Potential energy surface

The potential energy surface of a diatomic molecule is anharmonic oscillation (as shown in Fig.1). The lowest point in this energy potential is a stationary point, which means it has a zero first derivative:

${\displaystyle \frac{dE(R)}{dR}=0}$ Equation 1. First derivative of 1-D potential energy

R stands for the bond length and the physical meaning of the first derivative of potential energy is the force acting on the atoms and the second derivative is the force constant (k). The bond will vibrate; so the vibration wavenumber could be calculated by Equation 2.

${\displaystyle \tilde{v}=\frac{1}{2c\pi }\sqrt{\frac{k}{\mu }}}$ Equation 2. Vibrational wavenumber of a diatomic molecule

where ${\displaystyle \mu }$ is the reduced mass and it could be calculated by Equation 3.
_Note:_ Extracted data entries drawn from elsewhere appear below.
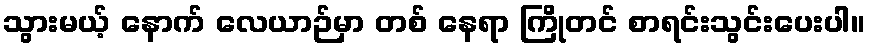
သွားမယ့် နောက် လေယာဉ်မှာ တစ် နေရာ ကြိုတင် စာရင်းသွင်းပေးပါ။
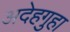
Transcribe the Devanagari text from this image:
अदेहगुहा
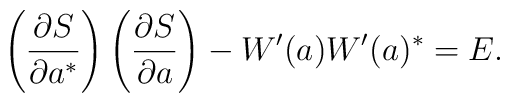
\left( \frac{\partial S}{\partial a^{\ast}} \right) \left( \frac{\partial S}{\partial a} \right) - W'(a)W'(a)^{\ast} = E.
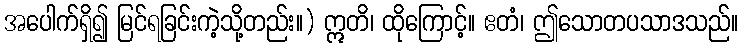
အပေါက်ရှိ၍ မြင်ရခြင်းကဲ့သို့တည်း။) ဣတိ၊ ထိုကြောင့်။ ဧတံ၊ ဤသောတပသာဒသည်။
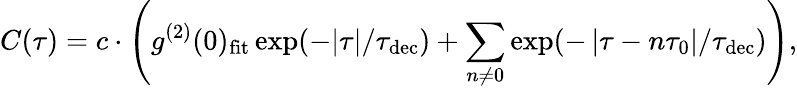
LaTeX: C(\tau)=c\cdot\left(g^{(2)}(0)_{\mathrm{fit}}\exp(-|\tau|/\tau_{\mathrm{dec}})+\sum_{n\neq 0}\exp(-\left|\tau-n\tau_{0}\right|/\tau_{\mathrm{dec}})\right),
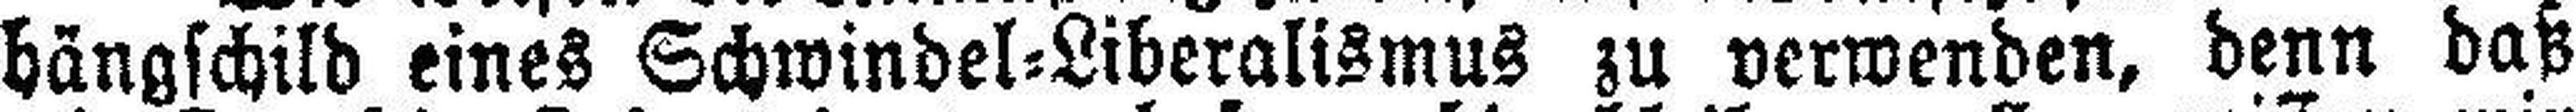
hängschild eines Schwindel=Liberalismus zu verwenden, denn daß
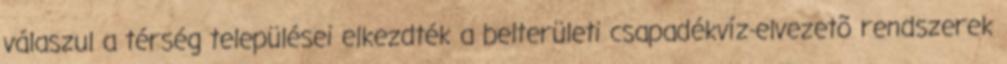
válaszul a térség települései elkezdték a belterületi csapadékvíz-elvezetõ rendszerek
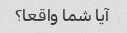
آیا شما واقعا؟
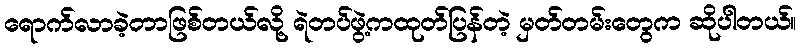
ရောက်လာခဲ့တာဖြစ်တယ်လို့ ရဲတပ်ဖွဲ့ကထုတ်ပြန်တဲ့ မှတ်တမ်းတွေက ဆိုပါတယ်။
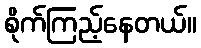
စိုက်ကြည့်နေတယ်။
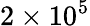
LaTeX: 2\times 10^{5}
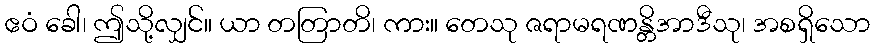
ဧဝံ ခေါ၊ ဤသို့လျှင်။ ယာ တတြာတိ၊ ကား။ တေသု ဇရာမရဏန္တိအာဒီသု၊ အစရှိသော
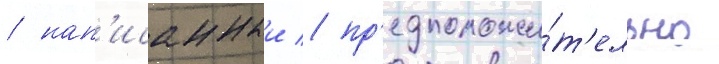
/ нап'исанныи / пр'едположи́т'ельно
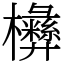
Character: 㰘
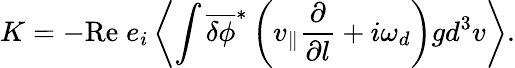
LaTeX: K=-\mathrm{Re}\; e_{i}\left\langle\int\overline{{\delta\phi}}^{\ast}\left(v_{\| }\frac{\partial}{\partial l}+i\omega_{d}\right)gd^{3}v\right\rangle.
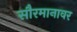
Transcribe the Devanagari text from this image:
सौरमानावर
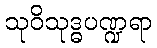
သုဝိသုဒ္ဓပဏ္ဍရာ
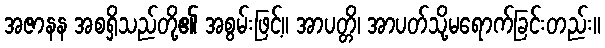
အဇာနန အစရှိသည်တို့၏ အစွမ်းဖြင့်။ အာပတ္တိ၊ အာပတ်သို့မရောက်ခြင်းတည်း။
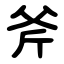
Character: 斧
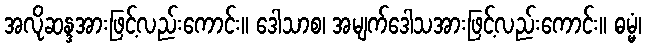
အလိုဆန္ဒအားဖြင့်လည်းကောင်း။ ဒေါသာစ၊ အမျက်ဒေါသအားဖြင့်လည်းကောင်း။ ဓမ္မံ၊
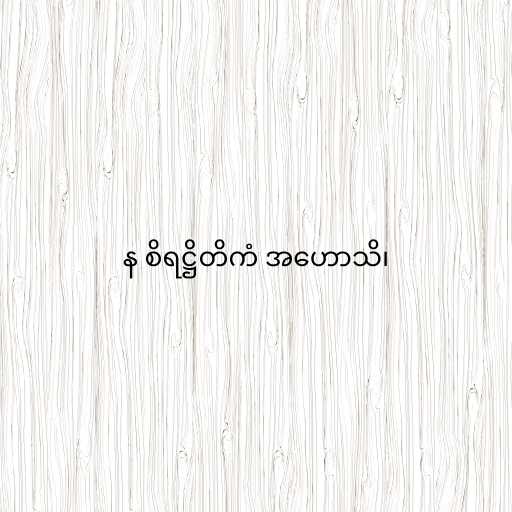
န စိရဋ္ဌိတိကံ အဟောသိ၊
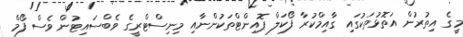
މީގެ އިތުރުން އަތޮޅުތަކުގައި ގާއިމްކުރާ ފޯކަލް ޕޮއިންޓްތަކުންނާއި މިނިސްޓްރީގެ ވެބްސައިޓުން ވެސް ފޯމް
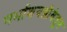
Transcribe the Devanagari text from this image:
गर्भाशयग्रीवेतून
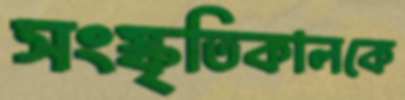
সংস্কৃতিকালকে
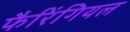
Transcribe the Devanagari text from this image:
फैरिंगियल
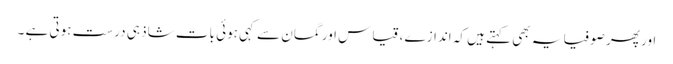
اور پھر صوفیا یہ بھی کہتے ہیں کہ اندازے ، قیاس اور گمان سے کہی ہوئی بات شاذ ہی درست ہوتی ہے ۔
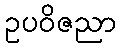
ဥပဝိဇညာ
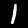
Digit: 1
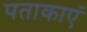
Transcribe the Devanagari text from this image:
पताकाएं
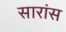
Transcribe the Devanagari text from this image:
सारांस
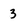
Character: 3
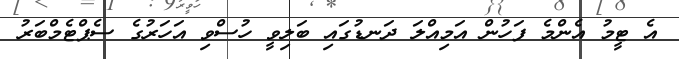
އެ ޓީމު އެންމެ ފަހުން އަމިއްލަ ދަނޑުގައި ބަލިވީ ހުސްވި އަހަރުގެ ސެޕްޓެމްބަރު
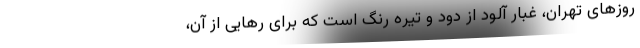
روزهای تهران، غبار آلود از دود و تیره رنگ است که برای رهایی از آن،
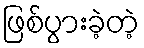
ဖြစ်ပွားခဲ့တဲ့
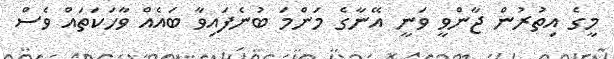
މީގެ އިތުރުން ޖާންވީ ވަނީ އޭނާގެ މަންމަ ބުނެފައިވާ ބައެއް ވާހަކަތައް ވެސް
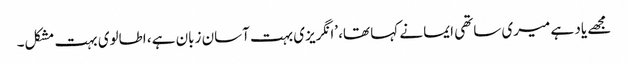
مجھے یاد ہے میری ساتھی ایما نے کہا تھا، ’انگریزی بہت آسان زبان ہے، اطالوی بہت مشکل۔
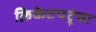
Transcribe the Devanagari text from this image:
क्रिकेटपटूंचा
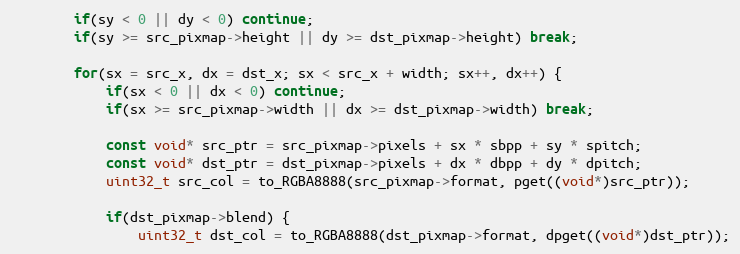
Language: C
		if(sy < 0 || dy < 0) continue;
		if(sy >= src_pixmap->height || dy >= dst_pixmap->height) break;

		for(sx = src_x, dx = dst_x; sx < src_x + width; sx++, dx++) {
			if(sx < 0 || dx < 0) continue;
			if(sx >= src_pixmap->width || dx >= dst_pixmap->width) break;

			const void* src_ptr = src_pixmap->pixels + sx * sbpp + sy * spitch;
			const void* dst_ptr = dst_pixmap->pixels + dx * dbpp + dy * dpitch;
			uint32_t src_col = to_RGBA8888(src_pixmap->format, pget((void*)src_ptr));

			if(dst_pixmap->blend) {
				uint32_t dst_col = to_RGBA8888(dst_pixmap->format, dpget((void*)dst_ptr));
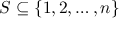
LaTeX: S \subseteq \{ 1 , 2 , \ldots , n \}
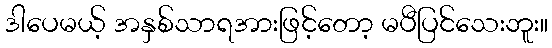
ဒါပေမယ့် အနှစ်သာရအားဖြင့်တော့ မပီပြင်သေးဘူး။
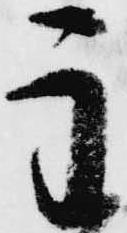
主
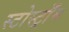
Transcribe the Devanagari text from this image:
स्टोर्स्ट्रॉम
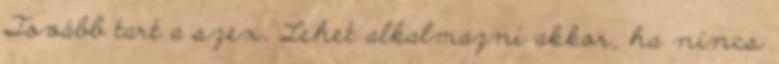
Tovább tart a szex. Lehet alkalmazni akkor, ha nincs

${\displaystyle \mu =\frac{M_A{M}_B}{M_A+M_B}}$ Equation 3. Reduced mass of a diatomic molecule

For a triatomic molecule (e.g.H₂O), the potential energy surface has two coordinates including bond length R and bond angle ${\displaystyle \theta }$ and the potential energy surface is shown in Fig.3. For a non-linear molecule including N atoms, it will have 3N-6 independent geometric variables. For each atom, it will have three variables (bond length, bond angle and torsional angles).The three global rotations and three global translations should be subtracted, so it has 3N-6 degrees of freedom. If it is a linear molecule, there only have two rotation axes, so it has 3N-5 independent geometric variables. A stationary point of the potential energy surface, which has 3N-6 degrees of freedom, could be defined by equation 4.

Nf710 (talk) 19:30, 28 March 2018 (BST) You have nicely introduced the concept of why we use degrees of freedom. Well done.
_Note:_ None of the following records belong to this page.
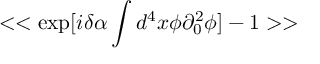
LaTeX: < < \exp [ i \delta \alpha \int d ^ { 4 } x \phi \partial _ { 0 } ^ { 2 } \phi ] - 1 > >
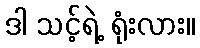
ဒါ သင့်ရဲ့ ရုံးလား။
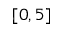
[ 0 , 5 ]
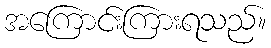
အကြောင်းကြားရသည်။
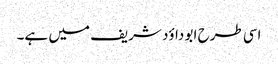
اسی طرح ابو داؤد شریف میں ہے۔
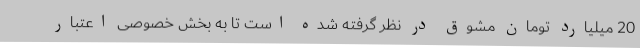
20 میلیارد تومان مشوق‌ در نظر گرفته شده است تا به بخش خصوصی اعتبار
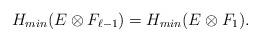
LaTeX: \begin{align*}H_{min}(E\otimes F_{\ell-1})=H_{min}(E\otimes F_1).\end{align*}
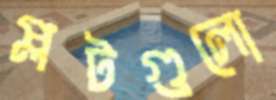
প্লটগুলো
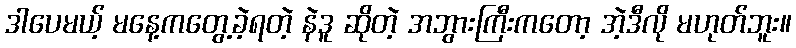
ဒါပေမယ့် မနေ့ကတွေ့ခဲ့ရတဲ့ နဲဒူ ဆိုတဲ့ အဘွားကြီးကတော့ အဲ့ဒီလို မဟုတ်ဘူး။
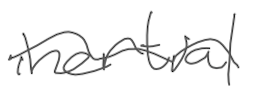
Text: inertial
Cross-out: wave
Writing tool: digital_gray
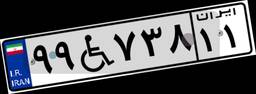
۹۹W۷۳۸۱۱
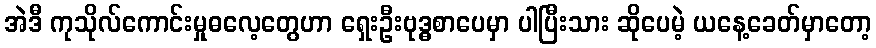
အဲဒီ ကုသိုလ်ကောင်းမှုဓလေ့တွေဟာ ရှေးဦးဗုဒ္ဓစာပေမှာ ပါပြီးသား ဆိုပေမဲ့ ယနေ့ခေတ်မှာတော့
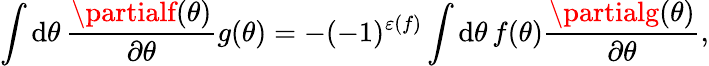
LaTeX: \int\mathrm{d}\theta\, \frac{{\partialf(\theta)}}{{\partial\theta}}g(\theta)=-(-1)^{\varepsilon(f)}\int\mathrm{d}\theta\, f(\theta)\frac{{\partialg(\theta)}}{{\partial\theta}},
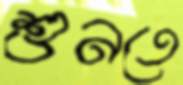
শুনতে
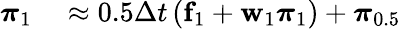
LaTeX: \begin{array}{rl}{\boldsymbol{\pi}_{1}}&{{}\approx 0.5\Delta t\left(\mathbf{f}_{1}+\mathbf{w}_{1}\boldsymbol{\pi}_{1}\right)+\boldsymbol{\pi}_{0.5}}\end{array}
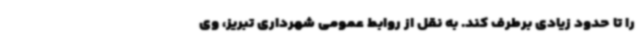
را تا حدود زیادی برطرف کند. به نقل از روابط عمومی شهرداری تبریز، وی
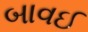
બાવઈ
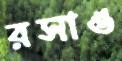
রসাও
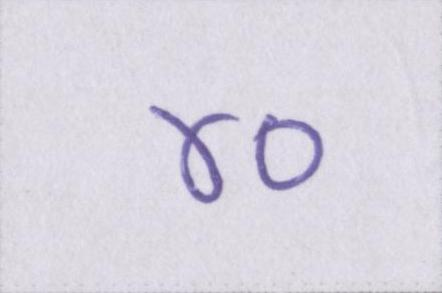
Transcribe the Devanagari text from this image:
४०
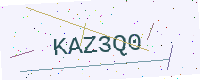
Text: KAZ3Q0
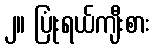
၂။ ပြုံးရယ်ကျီးစား
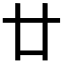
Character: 廿
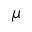
\mu

${\displaystyle \frac{dE(\mathbf{R})}{d{R}_i}=0i=1,2,3,...3N-6}$ Equation 4. General equation of a stationary point with 3N-6 variables

where R is the set of all nuclear coordiantes.^[3]

Fig.4 is a 1-D potential energy surface of a reaction. Products and reactants are the minimum points on the lowest energy pathway. For transition state, it is the maximum point on the lowest energy pathway. All of reactants, products and transition state are the stationary points, which means that they satisfy this equation: (${\displaystyle \frac{dE(\mathbf{R})}{dR}=0}$). The second derivative of potential energy surface, the force constant, is used to distinguish the products and reactants with the transition state. Reactants and products are minima , so the second derivative is positive.(${\displaystyle \frac{d^{2}E(\mathbf{R})}{d{R}^2}>0}$) Transition state is the saddle point

of the potential energy surface, which means its second derivative is negative.(${\displaystyle \frac{d^{2}E(\mathbf{R})}{d{R}^2}<0}$) The force constant of transition state is negative; so, the vibration wavenumber will be imaginary at transition state according to Equation 2.

Nf710 (talk) 19:30, 28 March 2018 (BST) Almost there, but the second derivatives wrt to the degrees of freedom need to be put into the hessian matrix and then diagonalised. And it is the eigenvalues which give you the force constants. And the eigen values are linear combinations of the degrees of freedom. hence why when you move back and forth along this vector it looks like a vibration.

Approximations

The time-independent Schrödinger equation is:

${\displaystyle \hat{H}{\mathrm{\Psi }}_A=E{\mathrm{\Psi }}_A}$ Equation 5. Time-independent Schrödinger equation

where ${\displaystyle \hat{H}}$ is an operator called Hamiltonian, ${\displaystyle {\mathrm{\Psi }}_A}$ is the wavefunction of electron A, and E stands for the energy. Schrödinger equation could be rewritten by Dirac notation (${\displaystyle \hat{H}|\mathrm{\Psi }=E|\mathrm{\Psi }}$).Premultiply the complex conjugation of the wavefunction and integrate over all variables and then rearrange the equation, an euqation of E will be gained. (${\displaystyle E=\frac{<{\mathrm{\Psi }}^{*}|\hat{H}|\mathrm{\Psi }>}{<{\mathrm{\Psi }}^{*}|\mathrm{\Psi }>}}$) where the denominator is the overlap integer. If the wavefunction is normalised, the overlap integer should be 1; so ${\displaystyle E=<{\mathrm{\Psi }}^{*}|\hat{H}|\mathrm{\Psi }>}$.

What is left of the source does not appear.